TASK GOAL |
Where in the entries below does "points" appear? Copy every line that has it.

Items from a data source:
Content starts
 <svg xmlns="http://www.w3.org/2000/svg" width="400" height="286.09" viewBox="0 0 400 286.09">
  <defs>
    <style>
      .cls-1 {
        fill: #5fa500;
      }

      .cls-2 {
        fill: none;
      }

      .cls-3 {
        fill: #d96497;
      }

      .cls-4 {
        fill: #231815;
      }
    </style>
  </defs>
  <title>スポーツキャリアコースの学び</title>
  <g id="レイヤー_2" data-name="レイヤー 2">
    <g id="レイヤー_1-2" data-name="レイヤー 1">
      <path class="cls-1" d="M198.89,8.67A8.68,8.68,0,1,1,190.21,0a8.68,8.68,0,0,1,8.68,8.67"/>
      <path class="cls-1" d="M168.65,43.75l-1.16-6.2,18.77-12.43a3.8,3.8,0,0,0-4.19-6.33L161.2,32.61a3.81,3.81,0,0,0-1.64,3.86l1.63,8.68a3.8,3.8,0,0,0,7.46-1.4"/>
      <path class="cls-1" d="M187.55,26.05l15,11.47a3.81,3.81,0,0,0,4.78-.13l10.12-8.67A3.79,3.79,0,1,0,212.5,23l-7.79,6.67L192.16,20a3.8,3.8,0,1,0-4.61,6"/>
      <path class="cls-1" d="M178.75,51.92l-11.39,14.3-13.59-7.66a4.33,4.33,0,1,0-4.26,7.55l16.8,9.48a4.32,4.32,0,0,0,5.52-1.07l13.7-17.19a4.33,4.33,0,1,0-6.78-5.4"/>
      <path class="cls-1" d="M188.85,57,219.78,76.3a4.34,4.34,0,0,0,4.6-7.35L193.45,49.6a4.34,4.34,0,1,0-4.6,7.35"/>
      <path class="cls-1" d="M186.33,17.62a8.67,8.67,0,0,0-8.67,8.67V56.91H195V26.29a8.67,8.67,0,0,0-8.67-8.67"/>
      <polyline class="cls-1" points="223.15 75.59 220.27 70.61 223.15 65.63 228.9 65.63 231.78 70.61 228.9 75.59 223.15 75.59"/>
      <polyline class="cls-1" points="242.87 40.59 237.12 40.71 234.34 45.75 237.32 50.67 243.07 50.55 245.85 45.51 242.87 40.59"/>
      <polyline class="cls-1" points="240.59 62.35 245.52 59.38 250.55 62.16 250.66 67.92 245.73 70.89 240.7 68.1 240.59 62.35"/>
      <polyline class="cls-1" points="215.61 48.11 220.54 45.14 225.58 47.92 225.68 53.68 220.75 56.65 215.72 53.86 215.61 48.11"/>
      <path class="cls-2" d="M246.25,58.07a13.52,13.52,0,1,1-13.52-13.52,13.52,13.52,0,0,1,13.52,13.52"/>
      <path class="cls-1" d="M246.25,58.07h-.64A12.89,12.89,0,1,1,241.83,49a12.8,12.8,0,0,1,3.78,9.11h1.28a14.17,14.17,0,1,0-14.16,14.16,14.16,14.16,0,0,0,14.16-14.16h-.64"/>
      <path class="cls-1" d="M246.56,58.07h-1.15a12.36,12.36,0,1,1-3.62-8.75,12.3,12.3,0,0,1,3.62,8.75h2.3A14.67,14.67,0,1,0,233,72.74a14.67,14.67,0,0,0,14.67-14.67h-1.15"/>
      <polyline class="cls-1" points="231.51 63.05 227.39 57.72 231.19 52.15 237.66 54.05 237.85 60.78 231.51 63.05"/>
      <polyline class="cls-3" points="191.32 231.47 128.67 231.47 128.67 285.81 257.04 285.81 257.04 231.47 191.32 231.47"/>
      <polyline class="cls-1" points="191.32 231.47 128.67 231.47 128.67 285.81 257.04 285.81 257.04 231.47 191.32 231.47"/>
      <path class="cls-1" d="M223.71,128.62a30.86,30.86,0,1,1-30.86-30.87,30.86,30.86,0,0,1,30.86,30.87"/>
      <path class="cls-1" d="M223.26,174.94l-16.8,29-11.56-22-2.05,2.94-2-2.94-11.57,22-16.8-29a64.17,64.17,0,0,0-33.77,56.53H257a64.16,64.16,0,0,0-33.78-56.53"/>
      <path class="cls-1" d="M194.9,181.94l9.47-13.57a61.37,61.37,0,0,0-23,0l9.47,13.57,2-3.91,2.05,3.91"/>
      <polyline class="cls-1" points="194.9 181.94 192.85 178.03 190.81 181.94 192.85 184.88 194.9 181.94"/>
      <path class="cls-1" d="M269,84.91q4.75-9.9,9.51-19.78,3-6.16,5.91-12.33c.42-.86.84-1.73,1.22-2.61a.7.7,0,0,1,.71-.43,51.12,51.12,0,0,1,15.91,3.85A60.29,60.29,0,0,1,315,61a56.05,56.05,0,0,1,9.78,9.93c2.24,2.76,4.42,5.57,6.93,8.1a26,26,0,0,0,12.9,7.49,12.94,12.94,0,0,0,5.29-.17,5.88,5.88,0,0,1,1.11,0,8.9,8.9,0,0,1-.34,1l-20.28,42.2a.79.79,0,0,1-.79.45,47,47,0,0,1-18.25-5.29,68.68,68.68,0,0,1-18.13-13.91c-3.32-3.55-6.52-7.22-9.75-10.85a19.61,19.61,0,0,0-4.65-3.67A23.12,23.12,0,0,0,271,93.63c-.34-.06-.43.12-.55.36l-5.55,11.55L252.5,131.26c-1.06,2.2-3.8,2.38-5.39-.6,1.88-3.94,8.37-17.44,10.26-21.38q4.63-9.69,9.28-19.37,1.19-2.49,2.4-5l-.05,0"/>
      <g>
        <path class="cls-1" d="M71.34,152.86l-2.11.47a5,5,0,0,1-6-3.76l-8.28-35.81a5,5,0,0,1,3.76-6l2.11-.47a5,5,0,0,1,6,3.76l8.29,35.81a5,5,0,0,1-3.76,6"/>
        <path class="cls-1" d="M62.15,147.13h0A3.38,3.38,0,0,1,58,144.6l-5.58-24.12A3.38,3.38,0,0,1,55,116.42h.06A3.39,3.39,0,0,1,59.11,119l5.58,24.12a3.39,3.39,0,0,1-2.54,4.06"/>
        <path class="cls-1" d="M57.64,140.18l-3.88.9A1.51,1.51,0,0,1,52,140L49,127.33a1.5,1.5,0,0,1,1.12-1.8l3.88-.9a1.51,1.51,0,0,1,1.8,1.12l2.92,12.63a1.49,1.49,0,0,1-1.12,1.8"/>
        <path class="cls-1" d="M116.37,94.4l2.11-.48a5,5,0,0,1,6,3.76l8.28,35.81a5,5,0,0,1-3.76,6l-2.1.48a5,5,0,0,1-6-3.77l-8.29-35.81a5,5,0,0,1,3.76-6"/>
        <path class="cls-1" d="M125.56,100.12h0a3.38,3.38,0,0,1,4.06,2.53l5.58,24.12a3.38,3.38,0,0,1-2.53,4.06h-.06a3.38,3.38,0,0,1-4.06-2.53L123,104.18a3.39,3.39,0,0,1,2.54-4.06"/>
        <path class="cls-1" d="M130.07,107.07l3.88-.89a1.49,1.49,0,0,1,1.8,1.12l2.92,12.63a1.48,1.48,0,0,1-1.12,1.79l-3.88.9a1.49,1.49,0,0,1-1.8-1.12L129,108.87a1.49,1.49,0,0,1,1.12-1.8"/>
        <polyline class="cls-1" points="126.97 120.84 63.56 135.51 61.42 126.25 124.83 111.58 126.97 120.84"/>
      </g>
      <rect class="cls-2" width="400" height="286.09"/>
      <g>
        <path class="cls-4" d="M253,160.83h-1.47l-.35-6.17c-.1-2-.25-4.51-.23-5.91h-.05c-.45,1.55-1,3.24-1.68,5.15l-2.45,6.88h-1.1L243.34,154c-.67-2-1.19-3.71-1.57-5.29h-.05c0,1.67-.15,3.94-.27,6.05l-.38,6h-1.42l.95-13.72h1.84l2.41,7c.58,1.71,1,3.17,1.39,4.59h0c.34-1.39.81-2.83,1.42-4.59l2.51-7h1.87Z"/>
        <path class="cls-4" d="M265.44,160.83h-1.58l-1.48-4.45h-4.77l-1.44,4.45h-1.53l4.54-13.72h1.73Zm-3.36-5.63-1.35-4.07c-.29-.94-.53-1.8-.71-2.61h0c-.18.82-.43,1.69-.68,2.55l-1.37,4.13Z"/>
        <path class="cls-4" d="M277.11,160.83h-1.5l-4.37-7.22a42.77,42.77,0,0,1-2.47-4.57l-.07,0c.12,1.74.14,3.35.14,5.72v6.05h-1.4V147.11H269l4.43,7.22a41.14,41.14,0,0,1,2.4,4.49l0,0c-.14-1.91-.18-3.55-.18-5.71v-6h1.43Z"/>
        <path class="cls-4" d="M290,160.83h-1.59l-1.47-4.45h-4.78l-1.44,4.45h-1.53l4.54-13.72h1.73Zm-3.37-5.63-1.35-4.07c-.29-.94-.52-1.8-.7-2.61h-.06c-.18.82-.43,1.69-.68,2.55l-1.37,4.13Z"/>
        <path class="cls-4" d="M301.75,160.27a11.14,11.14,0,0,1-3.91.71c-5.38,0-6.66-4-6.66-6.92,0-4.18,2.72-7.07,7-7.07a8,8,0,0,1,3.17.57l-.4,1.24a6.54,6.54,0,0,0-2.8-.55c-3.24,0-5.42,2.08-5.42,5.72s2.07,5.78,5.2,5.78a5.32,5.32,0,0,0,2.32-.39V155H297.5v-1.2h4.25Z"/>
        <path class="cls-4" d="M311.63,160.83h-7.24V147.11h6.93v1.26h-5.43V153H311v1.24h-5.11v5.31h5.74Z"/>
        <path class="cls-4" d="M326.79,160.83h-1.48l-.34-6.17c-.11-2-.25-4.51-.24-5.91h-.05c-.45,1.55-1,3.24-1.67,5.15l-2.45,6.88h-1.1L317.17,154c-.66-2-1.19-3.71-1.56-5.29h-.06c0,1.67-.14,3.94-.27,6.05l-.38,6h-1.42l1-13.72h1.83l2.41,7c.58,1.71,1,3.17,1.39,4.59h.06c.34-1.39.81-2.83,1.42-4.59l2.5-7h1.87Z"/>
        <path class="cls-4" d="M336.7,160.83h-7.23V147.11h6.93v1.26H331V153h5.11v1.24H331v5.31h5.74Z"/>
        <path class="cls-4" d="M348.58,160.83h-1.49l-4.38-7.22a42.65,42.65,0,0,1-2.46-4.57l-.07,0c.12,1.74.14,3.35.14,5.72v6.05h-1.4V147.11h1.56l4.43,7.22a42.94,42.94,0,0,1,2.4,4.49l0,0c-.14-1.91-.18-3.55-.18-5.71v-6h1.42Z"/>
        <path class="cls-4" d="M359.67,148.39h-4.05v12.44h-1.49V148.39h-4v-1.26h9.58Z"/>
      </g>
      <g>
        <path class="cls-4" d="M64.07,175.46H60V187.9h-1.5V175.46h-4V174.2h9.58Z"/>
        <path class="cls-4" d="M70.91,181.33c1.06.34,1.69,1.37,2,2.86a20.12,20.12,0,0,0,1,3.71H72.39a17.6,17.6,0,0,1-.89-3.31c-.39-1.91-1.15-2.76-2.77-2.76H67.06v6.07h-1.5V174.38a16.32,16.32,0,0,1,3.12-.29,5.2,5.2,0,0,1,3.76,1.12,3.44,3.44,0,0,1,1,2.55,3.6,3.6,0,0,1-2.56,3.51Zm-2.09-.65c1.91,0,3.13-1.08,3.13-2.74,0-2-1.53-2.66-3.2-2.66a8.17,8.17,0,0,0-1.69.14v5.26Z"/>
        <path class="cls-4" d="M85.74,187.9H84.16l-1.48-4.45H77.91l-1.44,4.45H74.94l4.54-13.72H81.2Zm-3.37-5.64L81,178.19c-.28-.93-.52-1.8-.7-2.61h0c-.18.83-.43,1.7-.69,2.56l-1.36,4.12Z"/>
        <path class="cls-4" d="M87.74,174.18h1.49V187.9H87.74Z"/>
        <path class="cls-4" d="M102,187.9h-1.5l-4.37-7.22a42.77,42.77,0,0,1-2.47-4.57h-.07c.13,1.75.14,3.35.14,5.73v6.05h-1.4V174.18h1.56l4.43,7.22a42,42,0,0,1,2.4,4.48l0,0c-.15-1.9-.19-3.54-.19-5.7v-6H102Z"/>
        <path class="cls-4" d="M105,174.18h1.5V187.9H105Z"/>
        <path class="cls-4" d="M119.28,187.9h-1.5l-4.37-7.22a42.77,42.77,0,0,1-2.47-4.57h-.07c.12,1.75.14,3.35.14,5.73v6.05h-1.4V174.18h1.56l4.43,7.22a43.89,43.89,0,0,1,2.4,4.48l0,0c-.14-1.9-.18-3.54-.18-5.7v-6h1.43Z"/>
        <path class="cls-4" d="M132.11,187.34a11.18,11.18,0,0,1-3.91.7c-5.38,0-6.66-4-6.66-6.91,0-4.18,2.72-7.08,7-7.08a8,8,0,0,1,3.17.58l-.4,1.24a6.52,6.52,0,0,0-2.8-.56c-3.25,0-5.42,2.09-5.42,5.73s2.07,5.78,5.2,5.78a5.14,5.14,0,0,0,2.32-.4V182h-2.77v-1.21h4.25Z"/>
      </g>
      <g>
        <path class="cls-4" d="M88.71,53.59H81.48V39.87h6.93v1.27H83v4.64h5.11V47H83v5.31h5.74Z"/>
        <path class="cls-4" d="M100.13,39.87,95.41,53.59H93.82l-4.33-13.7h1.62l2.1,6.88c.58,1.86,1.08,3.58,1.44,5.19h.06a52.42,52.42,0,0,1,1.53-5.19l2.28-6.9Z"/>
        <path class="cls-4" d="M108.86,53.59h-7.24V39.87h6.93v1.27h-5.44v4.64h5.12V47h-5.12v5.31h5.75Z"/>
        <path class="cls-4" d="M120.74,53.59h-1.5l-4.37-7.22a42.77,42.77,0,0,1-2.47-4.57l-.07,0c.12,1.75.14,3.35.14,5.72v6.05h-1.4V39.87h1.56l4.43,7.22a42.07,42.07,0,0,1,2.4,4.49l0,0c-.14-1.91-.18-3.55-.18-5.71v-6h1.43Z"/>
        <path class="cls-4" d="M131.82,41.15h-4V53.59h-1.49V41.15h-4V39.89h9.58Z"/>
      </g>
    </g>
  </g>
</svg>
Content ends
YOUR RESPONSE |
      <polyline class="cls-1" points="223.15 75.59 220.27 70.61 223.15 65.63 228.9 65.63 231.78 70.61 228.9 75.59 223.15 75.59"/>
      <polyline class="cls-1" points="242.87 40.59 237.12 40.71 234.34 45.75 237.32 50.67 243.07 50.55 245.85 45.51 242.87 40.59"/>
      <polyline class="cls-1" points="240.59 62.35 245.52 59.38 250.55 62.16 250.66 67.92 245.73 70.89 240.7 68.1 240.59 62.35"/>
      <polyline class="cls-1" points="215.61 48.11 220.54 45.14 225.58 47.92 225.68 53.68 220.75 56.65 215.72 53.86 215.61 48.11"/>
      <polyline class="cls-1" points="231.51 63.05 227.39 57.72 231.19 52.15 237.66 54.05 237.85 60.78 231.51 63.05"/>
      <polyline class="cls-3" points="191.32 231.47 128.67 231.47 128.67 285.81 257.04 285.81 257.04 231.47 191.32 231.47"/>
      <polyline class="cls-1" points="191.32 231.47 128.67 231.47 128.67 285.81 257.04 285.81 257.04 231.47 191.32 231.47"/>
      <polyline class="cls-1" points="194.9 181.94 192.85 178.03 190.81 181.94 192.85 184.88 194.9 181.94"/>
        <polyline class="cls-1" points="126.97 120.84 63.56 135.51 61.42 126.25 124.83 111.58 126.97 120.84"/>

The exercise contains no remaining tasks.